Écho de presse

La douloureuse question des châtiments corporels

le 18/09/2021 par Pierre Ancery
le 14/09/2021 par Pierre Ancery - modifié le 18/09/2021

À la fin du XIXe siècle, alors que les lois Ferry ont rendu l'école gratuite et obligatoire pour tous, la question des punitions corporelles suscite de nombreux débats dans la presse.

La question des châtiments physiques à l'école est brûlante tout au long des années 1880, alors que les lois Ferry viennent de la rendre laïque, gratuite et obligatoire (lois de 1881 et 1882). Les coups et les punitions corporelles sont-ils un moyen éducatif viable ? La presse s'interroge et prend parti. Le 4 mars 1880, l'éditorialiste de La Petite Gironde déclare par exemple que « les punitions corporelles doivent être absolument bannies de nos écoles. Tout les condamne : aussi bien les prescriptions universitaires que nos mœurs, que la sagesse et que la raison ». Et de citer l'inspecteur d'Académie de la Charente, M. Aulard, farouche adversaire des punitions physiques :

« Les châtiments donnent à l’enfant une aversion incurable pour des choses qu’on doit tâcher de lui faire aimer. Ils ne changent point l’humeur et ne réforment point le naturel, mais le répriment seulement pour un temps et ne servent qu’à faire éclater les passions avec plus de violence quand elles sont en liberté. »

En 1885, Le Petit Parisien consacre sa une à la question, sous la plume très anticléricale de Jean Frollo. Les coups sont à proscrire, d'après lui :

« À la manière dont on traite les enfants, ne façonne-t-on pas la destinée des hommes ? Il faut en finir résolument avec toutes les vieilles coutumes surannées qui ont trop longtemps prévalu dans les écoles primaires ; il faut les laisser aux « hommes noirs » qui trouvent encore que les verges, pain sec, le bonnet d'âne — toutes ces cruautés ou toutes ces bêtises — sont les meilleurs moyens d'enseignement. »
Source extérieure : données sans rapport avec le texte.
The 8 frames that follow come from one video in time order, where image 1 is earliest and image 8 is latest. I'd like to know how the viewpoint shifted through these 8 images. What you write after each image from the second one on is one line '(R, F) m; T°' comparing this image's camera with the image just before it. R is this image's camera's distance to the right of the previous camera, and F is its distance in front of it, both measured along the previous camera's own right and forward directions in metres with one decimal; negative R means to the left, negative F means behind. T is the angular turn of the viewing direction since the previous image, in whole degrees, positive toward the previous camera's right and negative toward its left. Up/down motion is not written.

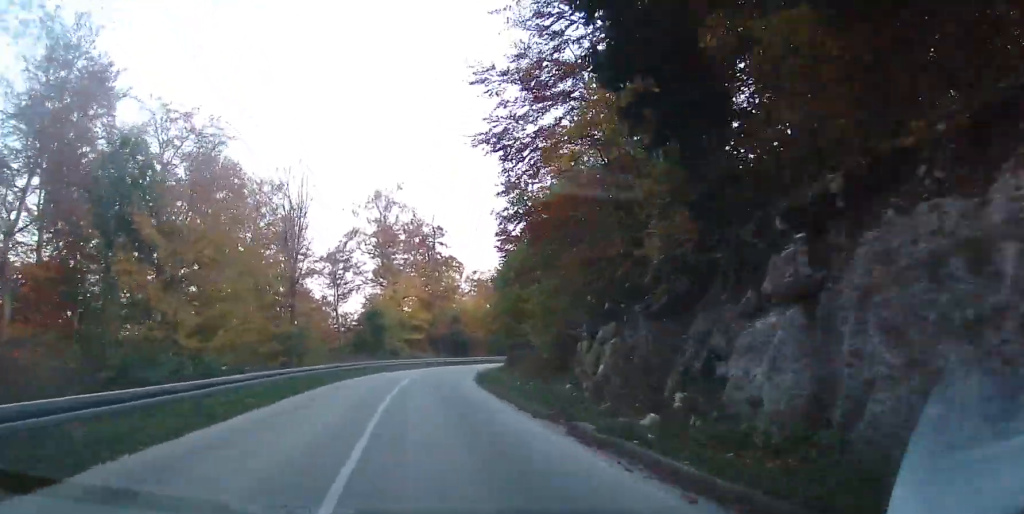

Mais le châtiment non physique reste indispensable. Ses limites doivent être méditées et définies avec précision. «Il y a, pour un instituteur soucieux de ses devoirs, écrit Frollo, un "art de punir" ».

« Punir est plus difficile que récompenser [...]. Est bonne toute punition qui a pour effet d'améliorer l'enfant, est mauvaise toute punition qui produit un effet contraire ou qui ne produit pas d'effet. Il suit de là que l'éducateur ne doit pas se borner à infliger la punition, même choisie avec réflexion, mais en suivre attentivement les effets, en observer les conséquences. »

La question renvoie à une problématique plus large : qu'est-ce qu'une bonne éducation pour un jeune Français de la fin du XIXe siècle ? Si les journaux républicains s'opposent généralement avec fermeté aux punitions physiques, les publications conservatrices jugent que les nouvelles tendances en la matière font plus de mal que de bien. Ainsi de ce chroniqueur de La Croix qui se plaint en 1889 de ce que "l'impertinence soit à la mode" parmi la jeunesse. Si celle-ci ne respecte plus ses aînés, c'est la faute aux mœurs de l'époque, trop laxistes :

« Que voulez-vous : dans la jeunesse, jamais de correction, toujours des encouragements à jouir de la vie. « Profite, mon enfant, profite, disait une bonne femme à son enfant, tu auras le temps de souffrir plus tard. » Ce fils, à force de profiter, à fini par être condamné pour vol. Aimer de cette manière, c’est haïr. Aimer les défauts et les nourrir, c’est aimer la maladie du malade ; ce qui revient à haïr le malade, et cela s’appelle amour et tendresse ! »

Pour y remédier, le journaliste propose de revenir aux vieilles méthodes :

« Le fouet était cependant, pour des petits drôles incorrigibles, le moyen le plus sûr et le plus expéditif. Les parents, malgré le procureur de la république, en usent encore quand ils ont le sens commun […]. Pour ma part, je préfère la chiquenaude ou la férule. Tous les grands hommes d’autrefois avaient reçu le fouet, et c’est peut-être par ce motif qu’ils sont devenus grands hommes. Napoléon et son armée n’avaient pas été élevés autrement ; je ne sache pas que, depuis le réveil de la dignité humaine sur cet article, nos victoires soient plus éclatantes, nos hommes d’État plus intègres, et la société plus morale. »

En 1887, un décret de Jules Ferry interdira les châtiments corporels dans les écoles. Mais dans la pratique, il faudra attendre l'après-mai 68 pour que leur disparition devienne une réalité dans toutes les écoles françaises.